Data items:

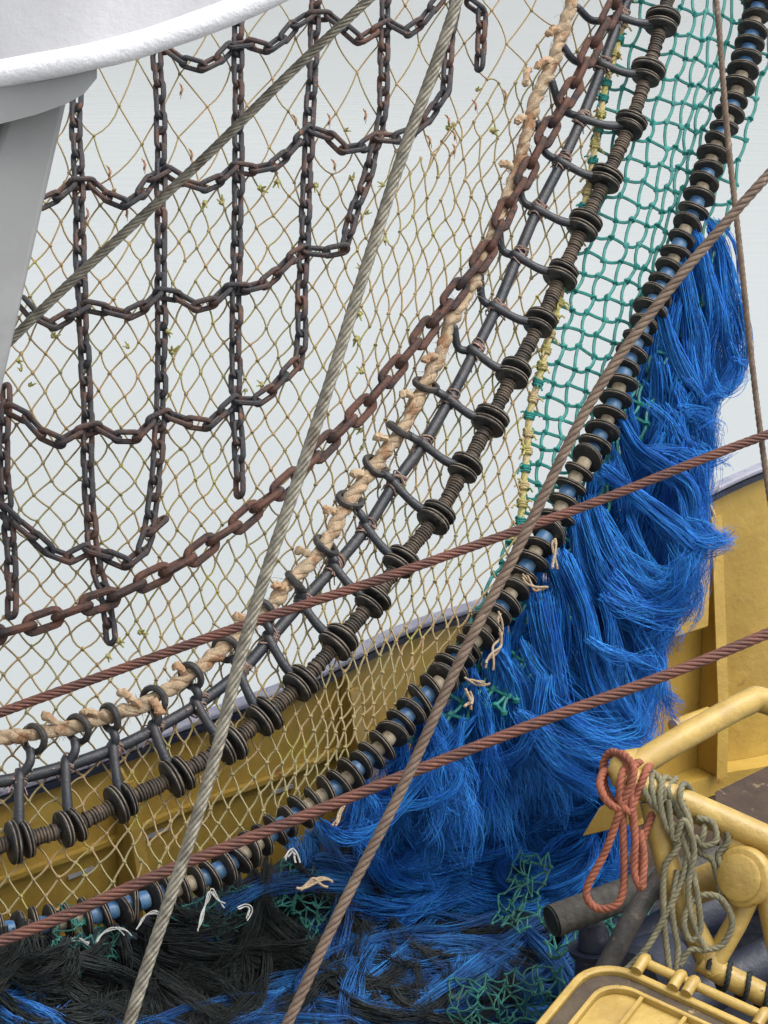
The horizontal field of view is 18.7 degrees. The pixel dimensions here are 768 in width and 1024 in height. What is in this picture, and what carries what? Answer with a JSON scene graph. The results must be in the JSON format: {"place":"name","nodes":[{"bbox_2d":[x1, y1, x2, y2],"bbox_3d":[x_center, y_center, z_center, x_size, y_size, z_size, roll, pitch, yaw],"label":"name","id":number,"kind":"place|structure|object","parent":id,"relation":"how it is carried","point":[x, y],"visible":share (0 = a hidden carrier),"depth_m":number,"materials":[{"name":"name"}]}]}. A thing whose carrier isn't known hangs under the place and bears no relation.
{"place":"outdoors","nodes":[
{"label":"outdoors","id":0,"kind":"place"},
{"bbox_2d":[0,0,287,392],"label":"mast platform","id":1,"kind":"structure","parent":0,"point":[55,55],"depth_m":5.73,"materials":[{"name":"white paint"}]},
{"bbox_2d":[11,0,374,345],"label":"wire rope","id":2,"kind":"object","parent":1,"relation":"attached to","point":[184,176],"visible":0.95,"depth_m":6.28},
{"bbox_2d":[122,0,462,1023],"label":"wire rope","id":3,"kind":"object","parent":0,"point":[252,614],"visible":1,"depth_m":6.17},
{"bbox_2d":[0,0,767,774],"bbox_3d":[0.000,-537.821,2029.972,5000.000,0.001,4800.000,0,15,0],"label":"sea","id":4,"kind":"structure","parent":0,"point":[118,142],"depth_m":34.17,"materials":[{"name":"liquid"}]},
{"bbox_2d":[0,628,767,947],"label":"wire rope","id":5,"kind":"object","parent":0,"point":[196,858],"visible":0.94,"depth_m":6.58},
{"bbox_2d":[0,430,767,717],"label":"wire rope","id":6,"kind":"object","parent":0,"point":[194,642],"visible":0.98,"depth_m":6.63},
{"bbox_2d":[281,168,767,1023],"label":"brown rope","id":7,"kind":"object","parent":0,"point":[681,274],"visible":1,"depth_m":6.25,"materials":[{"name":"fabric"}]},
{"bbox_2d":[568,921,609,976],"bbox_3d":[0.645,1.399,7.211,0.178,0.300,0.178,0,15,0],"label":"bollard","id":8,"kind":"object","parent":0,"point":[586,948],"visible":0.43,"depth_m":7.15,"materials":[{"name":"grey metal"}]},
{"bbox_2d":[638,795,714,867],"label":"deck","id":9,"kind":"structure","parent":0,"point":[709,835],"depth_m":9.91,"materials":[{"name":"metal"}]},
{"bbox_2d":[38,790,630,1006],"bbox_3d":[-0.029,1.575,7.599,1.945,0.911,3.479,14,20,42],"label":"net heap","id":10,"kind":"object","parent":9,"relation":"on","point":[276,869],"visible":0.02,"depth_m":7.89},
{"bbox_2d":[0,0,767,947],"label":"spaced disc line","id":11,"kind":"object","parent":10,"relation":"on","point":[588,452],"visible":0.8,"depth_m":7.83,"materials":[{"name":"grey rubber"}]},
{"bbox_2d":[95,927,131,943],"bbox_3d":[-0.803,1.249,6.921,0.115,0.037,0.023,-7,17,-25],"label":"twine end","id":12,"kind":"object","parent":11,"relation":"attached to","point":[110,929],"visible":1,"depth_m":6.92,"materials":[{"name":"white fabric"}]},
{"bbox_2d":[136,910,158,929],"bbox_3d":[-0.703,1.215,6.977,0.095,0.039,0.028,-9,17,-30],"label":"twine end","id":13,"kind":"object","parent":11,"relation":"hanging from","point":[143,917],"visible":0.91,"depth_m":6.98,"materials":[{"name":"white fabric"}]},
{"bbox_2d":[197,888,224,931],"bbox_3d":[-0.534,1.196,7.048,0.046,0.098,0.116,14,21,43],"label":"twine end","id":14,"kind":"object","parent":11,"relation":"hanging from","point":[203,909],"visible":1,"depth_m":7.06,"materials":[{"name":"white fabric"}]},
{"bbox_2d":[284,848,300,862],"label":"twine end","id":15,"kind":"object","parent":11,"relation":"attached to","point":[287,855],"visible":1,"depth_m":7.20,"materials":[{"name":"white fabric"}]},
{"bbox_2d":[0,0,608,918],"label":"trawl net","id":16,"kind":"object","parent":11,"relation":"hanging from","point":[338,452],"visible":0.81,"depth_m":7.79,"materials":[{"name":"beige fabric"}]},
{"bbox_2d":[228,21,245,499],"bbox_3d":[-0.504,-0.955,8.009,0.059,1.599,1.133,-1,15,-2],"label":"hanging chain","id":17,"kind":"object","parent":16,"relation":"hanging from","point":[236,324],"visible":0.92,"depth_m":7.96,"materials":[{"name":"metal"}]},
{"bbox_2d":[293,0,321,370],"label":"hanging chain","id":18,"kind":"object","parent":16,"relation":"hanging from","point":[305,187],"visible":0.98,"depth_m":8.13,"materials":[{"name":"metal"}]},
{"bbox_2d":[3,356,301,448],"bbox_3d":[-0.733,-0.353,7.689,1.032,0.232,0.137,-6,16,-21],"label":"cross chain","id":19,"kind":"object","parent":18,"relation":"hanging from","point":[219,415],"visible":1,"depth_m":7.66,"materials":[{"name":"metal"}]},
{"bbox_2d":[0,382,18,619],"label":"hanging chain","id":20,"kind":"object","parent":19,"relation":"hanging from","point":[10,578],"visible":0.99,"depth_m":7.41,"materials":[{"name":"metal"}]},
{"bbox_2d":[0,0,622,645],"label":"tickler chain","id":21,"kind":"object","parent":16,"relation":"attached to","point":[164,570],"visible":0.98,"depth_m":7.87,"materials":[{"name":"brown metal"}]},
{"bbox_2d":[0,0,632,794],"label":"headline cable","id":22,"kind":"object","parent":16,"relation":"attached to","point":[326,574],"visible":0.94,"depth_m":7.87,"materials":[{"name":"brown metal"}]},
{"bbox_2d":[14,723,47,838],"bbox_3d":[-1.071,0.817,7.075,0.098,0.312,0.236,0,15,0],"label":"dropper strap","id":23,"kind":"object","parent":22,"relation":"hanging from","point":[23,772],"visible":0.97,"depth_m":7.08,"materials":[{"name":"black rubber"}]},
{"bbox_2d":[60,713,91,813],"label":"dropper strap","id":24,"kind":"object","parent":22,"relation":"hanging from","point":[65,769],"visible":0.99,"depth_m":7.13,"materials":[{"name":"grey metal"}]},
{"bbox_2d":[99,702,124,796],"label":"dropper strap","id":25,"kind":"object","parent":22,"relation":"hanging from","point":[113,752],"visible":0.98,"depth_m":7.19,"materials":[{"name":"grey metal"}]},
{"bbox_2d":[139,685,179,772],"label":"dropper strap","id":26,"kind":"object","parent":22,"relation":"attached to","point":[154,723],"visible":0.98,"depth_m":7.26,"materials":[{"name":"grey metal"}]},
{"bbox_2d":[177,661,216,734],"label":"dropper strap","id":27,"kind":"object","parent":22,"relation":"attached to","point":[196,698],"visible":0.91,"depth_m":7.33,"materials":[{"name":"black rubber"}]},
{"bbox_2d":[211,635,264,711],"bbox_3d":[-0.457,0.520,7.430,0.204,0.260,0.052,10,18,32],"label":"dropper strap","id":28,"kind":"object","parent":22,"relation":"hanging from","point":[248,693],"visible":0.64,"depth_m":7.41,"materials":[{"name":"black rubber"}]},
{"bbox_2d":[248,599,297,674],"bbox_3d":[-0.351,0.415,7.505,0.212,0.272,0.058,11,18,35],"label":"dropper strap","id":29,"kind":"object","parent":22,"relation":"attached to","point":[285,666],"visible":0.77,"depth_m":7.49,"materials":[{"name":"black rubber"}]},
{"bbox_2d":[0,0,584,754],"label":"cream rope","id":30,"kind":"object","parent":22,"relation":"attached to","point":[560,34],"visible":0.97,"depth_m":7.77,"materials":[{"name":"beige fabric"}]},
{"bbox_2d":[285,570,331,633],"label":"dropper strap","id":31,"kind":"object","parent":22,"relation":"attached to","point":[318,625],"visible":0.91,"depth_m":7.56,"materials":[{"name":"black rubber"}]},
{"bbox_2d":[313,534,372,597],"bbox_3d":[-0.138,0.194,7.659,0.208,0.226,0.099,9,17,29],"label":"dropper strap","id":32,"kind":"object","parent":22,"relation":"attached to","point":[332,561],"visible":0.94,"depth_m":7.64,"materials":[{"name":"black rubber"}]},
{"bbox_2d":[335,490,397,555],"bbox_3d":[-0.045,0.050,7.764,0.232,0.234,0.099,3,15,10],"label":"dropper strap","id":33,"kind":"object","parent":22,"relation":"attached to","point":[382,547],"visible":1,"depth_m":7.73,"materials":[{"name":"black rubber"}]},
{"bbox_2d":[362,454,424,511],"bbox_3d":[0.054,-0.084,7.840,0.256,0.221,0.097,0,15,0],"label":"dropper strap","id":34,"kind":"object","parent":22,"relation":"attached to","point":[407,497],"visible":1,"depth_m":7.81,"materials":[{"name":"black rubber"}]},
{"bbox_2d":[386,420,465,466],"bbox_3d":[0.143,-0.221,7.907,0.276,0.181,0.100,0,15,0],"label":"dropper strap","id":35,"kind":"object","parent":22,"relation":"attached to","point":[434,452],"visible":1,"depth_m":7.89,"materials":[{"name":"black rubber"}]},
{"bbox_2d":[412,376,476,421],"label":"dropper strap","id":36,"kind":"object","parent":22,"relation":"attached to","point":[454,403],"visible":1,"depth_m":7.98,"materials":[{"name":"black rubber"}]},
{"bbox_2d":[452,325,501,371],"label":"dropper strap","id":37,"kind":"object","parent":22,"relation":"hanging from","point":[484,359],"visible":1,"depth_m":8.07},
{"bbox_2d":[477,274,529,325],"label":"dropper strap","id":38,"kind":"object","parent":22,"relation":"hanging from","point":[484,301],"visible":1,"depth_m":8.16,"materials":[{"name":"grey rubber"}]},
{"bbox_2d":[497,232,549,275],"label":"dropper strap","id":39,"kind":"object","parent":22,"relation":"hanging from","point":[524,260],"visible":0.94,"depth_m":8.24,"materials":[{"name":"grey rubber"}]},
{"bbox_2d":[518,175,572,227],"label":"dropper strap","id":40,"kind":"object","parent":22,"relation":"attached to","point":[549,215],"visible":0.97,"depth_m":8.33,"materials":[{"name":"grey rubber"}]},
{"bbox_2d":[535,120,593,179],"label":"dropper strap","id":41,"kind":"object","parent":22,"relation":"attached to","point":[547,154],"visible":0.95,"depth_m":8.41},
{"bbox_2d":[549,78,623,129],"bbox_3d":[0.751,-1.483,8.501,0.310,0.187,0.084,0,15,0],"label":"dropper strap","id":42,"kind":"object","parent":22,"relation":"attached to","point":[592,121],"visible":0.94,"depth_m":8.49,"materials":[{"name":"grey rubber"}]},
{"bbox_2d":[0,0,680,864],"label":"disc line","id":43,"kind":"object","parent":42,"relation":"hanging from","point":[176,778],"visible":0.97,"depth_m":7.79,"materials":[{"name":"grey rubber"}]},
{"bbox_2d":[562,44,638,77],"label":"dropper strap","id":44,"kind":"object","parent":22,"relation":"attached to","point":[570,56],"visible":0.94,"depth_m":8.57,"materials":[{"name":"grey rubber"}]},
{"bbox_2d":[576,4,653,27],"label":"dropper strap","id":45,"kind":"object","parent":22,"relation":"attached to","point":[585,15],"visible":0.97,"depth_m":8.65,"materials":[{"name":"grey rubber"}]},
{"bbox_2d":[340,0,391,250],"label":"hanging chain","id":46,"kind":"object","parent":16,"relation":"hanging from","point":[362,191],"visible":1,"depth_m":8.29,"materials":[{"name":"metal"}]},
{"bbox_2d":[440,0,460,97],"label":"hanging chain","id":47,"kind":"object","parent":16,"relation":"hanging from","point":[448,78],"visible":0.61,"depth_m":8.44,"materials":[{"name":"metal"}]},
{"bbox_2d":[42,88,450,210],"bbox_3d":[-0.462,-1.256,8.102,1.556,0.366,0.113,-7,16,-23],"label":"cross chain","id":48,"kind":"object","parent":47,"relation":"hanging from","point":[69,186],"visible":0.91,"depth_m":8.08,"materials":[{"name":"metal"}]},
{"bbox_2d":[69,94,117,645],"bbox_3d":[-0.979,-0.519,7.703,0.088,1.644,1.192,-3,15,-9],"label":"hanging chain","id":49,"kind":"object","parent":48,"relation":"hanging from","point":[87,381],"visible":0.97,"depth_m":7.68,"materials":[{"name":"metal"}]},
{"bbox_2d":[163,0,445,73],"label":"cross chain","id":50,"kind":"object","parent":47,"relation":"attached to","point":[420,22],"visible":0.9,"depth_m":8.32,"materials":[{"name":"metal"}]},
{"bbox_2d":[142,51,168,537],"bbox_3d":[-0.761,-0.771,7.861,0.080,1.484,1.082,-1,15,-2],"label":"hanging chain","id":51,"kind":"object","parent":50,"relation":"hanging from","point":[160,395],"visible":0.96,"depth_m":7.84,"materials":[{"name":"metal"}]},
{"bbox_2d":[0,501,168,570],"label":"cross chain","id":52,"kind":"object","parent":51,"relation":"attached to","point":[33,535],"visible":1,"depth_m":7.42,"materials":[{"name":"metal"}]},
{"bbox_2d":[19,242,350,331],"bbox_3d":[-0.654,-0.761,7.879,1.184,0.236,0.114,-6,16,-22],"label":"cross chain","id":53,"kind":"object","parent":51,"relation":"attached to","point":[262,283],"visible":0.92,"depth_m":7.86,"materials":[{"name":"metal"}]},
{"bbox_2d":[464,0,487,72],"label":"hanging chain","id":54,"kind":"object","parent":16,"relation":"hanging from","point":[480,38],"visible":1,"depth_m":8.51,"materials":[{"name":"metal"}]},
{"bbox_2d":[505,0,634,576],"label":"seam lacing","id":55,"kind":"object","parent":16,"relation":"attached to","point":[528,435],"visible":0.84,"depth_m":8.19,"materials":[{"name":"yellow fabric"}]},
{"bbox_2d":[408,0,767,743],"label":"green net","id":56,"kind":"object","parent":55,"relation":"hanging from","point":[604,320],"visible":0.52,"depth_m":8.47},
{"bbox_2d":[331,805,345,826],"bbox_3d":[-0.135,0.938,7.307,0.020,0.072,0.087,11,19,36],"label":"twine end","id":57,"kind":"object","parent":11,"relation":"attached to","point":[338,818],"visible":0.74,"depth_m":7.30,"materials":[{"name":"beige fabric"}]},
{"bbox_2d":[463,688,473,709],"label":"twine end","id":58,"kind":"object","parent":11,"relation":"hanging from","point":[469,694],"visible":1,"depth_m":7.58,"materials":[{"name":"beige fabric"}]},
{"bbox_2d":[464,677,490,686],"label":"twine end","id":59,"kind":"object","parent":11,"relation":"attached to","point":[481,682],"visible":1,"depth_m":7.61,"materials":[{"name":"beige fabric"}]},
{"bbox_2d":[485,611,503,669],"bbox_3d":[0.367,0.423,7.672,0.033,0.167,0.148,5,16,20],"label":"twine end","id":60,"kind":"object","parent":11,"relation":"hanging from","point":[497,650],"visible":1,"depth_m":7.68,"materials":[{"name":"beige fabric"}]},
{"bbox_2d":[521,574,547,591],"bbox_3d":[0.502,0.235,7.788,0.091,0.059,0.031,2,15,7],"label":"twine end","id":61,"kind":"object","parent":11,"relation":"attached to","point":[531,584],"visible":1,"depth_m":7.79,"materials":[{"name":"beige fabric"}]},
{"bbox_2d":[316,217,753,874],"bbox_3d":[0.692,0.177,7.957,0.796,2.141,2.374,11,19,37],"label":"blue fringe","id":62,"kind":"object","parent":11,"relation":"hanging from","point":[632,593],"visible":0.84,"depth_m":7.97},
{"bbox_2d":[551,538,557,569],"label":"twine end","id":63,"kind":"object","parent":11,"relation":"attached to","point":[554,551],"visible":1,"depth_m":7.85,"materials":[{"name":"beige fabric"}]},
{"bbox_2d":[283,758,630,926],"bbox_3d":[0.167,1.161,8.156,1.425,0.614,0.785,-5,16,-19],"label":"blue fibre heap","id":64,"kind":"object","parent":10,"relation":"on","point":[481,887],"visible":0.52,"depth_m":8.11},
{"bbox_2d":[490,848,552,933],"bbox_3d":[0.471,1.286,8.003,0.164,0.181,0.356,4,16,15],"label":"net scrap","id":65,"kind":"object","parent":64,"relation":"on","point":[530,891],"visible":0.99,"depth_m":8.04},
{"bbox_2d":[538,902,655,962],"bbox_3d":[0.695,1.324,7.548,0.368,0.206,0.510,0,15,0],"label":"net scrap","id":66,"kind":"object","parent":10,"relation":"on","point":[609,924],"visible":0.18,"depth_m":7.51,"materials":[{"name":"green fabric"}]},
{"bbox_2d":[88,811,603,1023],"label":"dirty blue fibres","id":67,"kind":"object","parent":9,"relation":"on","point":[472,968],"visible":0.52,"depth_m":7.71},
{"bbox_2d":[0,816,538,1023],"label":"black fibre tangle","id":68,"kind":"object","parent":67,"relation":"on","point":[248,958],"visible":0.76,"depth_m":7.36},
{"bbox_2d":[0,969,73,1023],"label":"blue fibre scrap","id":69,"kind":"object","parent":68,"relation":"on","point":[44,1010],"visible":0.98,"depth_m":6.72,"materials":[{"name":"blue fabric"}]},
{"bbox_2d":[51,902,130,982],"bbox_3d":[-0.888,1.297,6.976,0.130,0.285,0.410,12,19,38],"label":"net scrap","id":70,"kind":"object","parent":68,"relation":"on","point":[76,925],"visible":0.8,"depth_m":6.92,"materials":[{"name":"green fabric"}]},
{"bbox_2d":[71,937,89,945],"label":"twine end","id":71,"kind":"object","parent":70,"relation":"attached to","point":[84,941],"visible":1,"depth_m":6.88,"materials":[{"name":"white fabric"}]},
{"bbox_2d":[170,870,260,939],"bbox_3d":[-0.589,1.272,7.500,0.147,0.267,0.462,13,20,39],"label":"net scrap","id":72,"kind":"object","parent":68,"relation":"on","point":[212,905],"visible":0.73,"depth_m":7.54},
{"bbox_2d":[237,904,252,920],"bbox_3d":[-0.418,1.213,7.082,0.049,0.047,0.026,-9,17,-30],"label":"twine end","id":73,"kind":"object","parent":68,"relation":"attached to","point":[248,907],"visible":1,"depth_m":7.08,"materials":[{"name":"white fabric"}]},
{"bbox_2d":[266,858,339,946],"bbox_3d":[-0.279,1.288,7.686,0.174,0.268,0.246,9,17,30],"label":"net scrap","id":74,"kind":"object","parent":68,"relation":"on","point":[300,918],"visible":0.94,"depth_m":7.69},
{"bbox_2d":[265,816,418,909],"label":"dirty blue fibres","id":75,"kind":"object","parent":67,"relation":"on","point":[339,858],"visible":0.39,"depth_m":7.74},
{"bbox_2d":[296,876,332,890],"bbox_3d":[-0.212,1.135,7.144,0.123,0.040,0.020,-6,16,-20],"label":"twine end","id":76,"kind":"object","parent":75,"relation":"on","point":[310,882],"visible":1,"depth_m":7.14,"materials":[{"name":"beige fabric"}]},
{"bbox_2d":[0,459,767,936],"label":"bulwark","id":77,"kind":"object","parent":9,"relation":"on","point":[734,609],"visible":0.29,"depth_m":8.76,"materials":[{"name":"yellow paint"}]},
{"bbox_2d":[310,897,577,1023],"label":"black fibre tangle","id":78,"kind":"object","parent":9,"relation":"on","point":[476,931],"visible":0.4,"depth_m":7.82,"materials":[{"name":"black fabric"}]},
{"bbox_2d":[445,964,565,1023],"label":"net scrap","id":79,"kind":"object","parent":78,"relation":"on","point":[504,988],"visible":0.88,"depth_m":7.72,"materials":[{"name":"green fabric"}]},
{"bbox_2d":[536,953,767,1023],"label":"box lid","id":80,"kind":"object","parent":9,"relation":"on","point":[608,994],"visible":1,"depth_m":6.33,"materials":[{"name":"beige paint"}]},
{"bbox_2d":[583,686,767,1006],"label":"guard frame","id":81,"kind":"object","parent":9,"relation":"on","point":[742,875],"visible":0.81,"depth_m":6.47,"materials":[{"name":"beige paint"}]},
{"bbox_2d":[582,748,655,912],"bbox_3d":[0.662,0.877,6.484,0.178,0.426,0.240,4,16,16],"label":"red rope","id":82,"kind":"object","parent":81,"relation":"hanging from","point":[623,804],"visible":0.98,"depth_m":6.44,"materials":[{"name":"fabric"}]},
{"bbox_2d":[595,868,659,966],"bbox_3d":[0.682,1.240,6.737,0.095,0.358,0.481,12,19,38],"label":"rubber hose","id":83,"kind":"object","parent":81,"relation":"attached to","point":[640,904],"visible":0.53,"depth_m":6.76,"materials":[{"name":"black rubber"}]},
{"bbox_2d":[624,769,735,983],"bbox_3d":[0.793,1.006,6.488,0.354,0.568,0.264,0,15,0],"label":"grey rope","id":84,"kind":"object","parent":81,"relation":"hanging from","point":[688,840],"visible":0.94,"depth_m":6.44,"materials":[{"name":"beige fabric"}]},
{"bbox_2d":[706,958,767,1008],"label":"lashing rope","id":85,"kind":"object","parent":81,"relation":"attached to","point":[724,988],"visible":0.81,"depth_m":6.46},
{"bbox_2d":[620,899,767,1023],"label":"deck winch","id":86,"kind":"object","parent":9,"relation":"on","point":[749,953],"visible":0.22,"depth_m":7.19,"materials":[{"name":"blue paint"}]},
{"bbox_2d":[543,844,721,936],"bbox_3d":[0.815,1.161,7.186,0.713,0.170,0.126,-8,17,-27],"label":"steel pipe","id":87,"kind":"object","parent":86,"relation":"on","point":[568,915],"visible":0.4,"depth_m":7.06,"materials":[{"name":"grey metal"}]},
{"bbox_2d":[715,766,767,845],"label":"hatch cover","id":88,"kind":"object","parent":9,"relation":"on","point":[748,795],"visible":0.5,"depth_m":9.11,"materials":[{"name":"brown metal"}]},
{"bbox_2d":[713,0,767,504],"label":"thin rope","id":89,"kind":"object","parent":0,"point":[739,246],"visible":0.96,"depth_m":6.95,"materials":[{"name":"fabric"}]}
]}

■ EXERCISE PROMPT
Give only the number of lines in the records that include the word "outdoors".

■ YOUR RESPONSE
2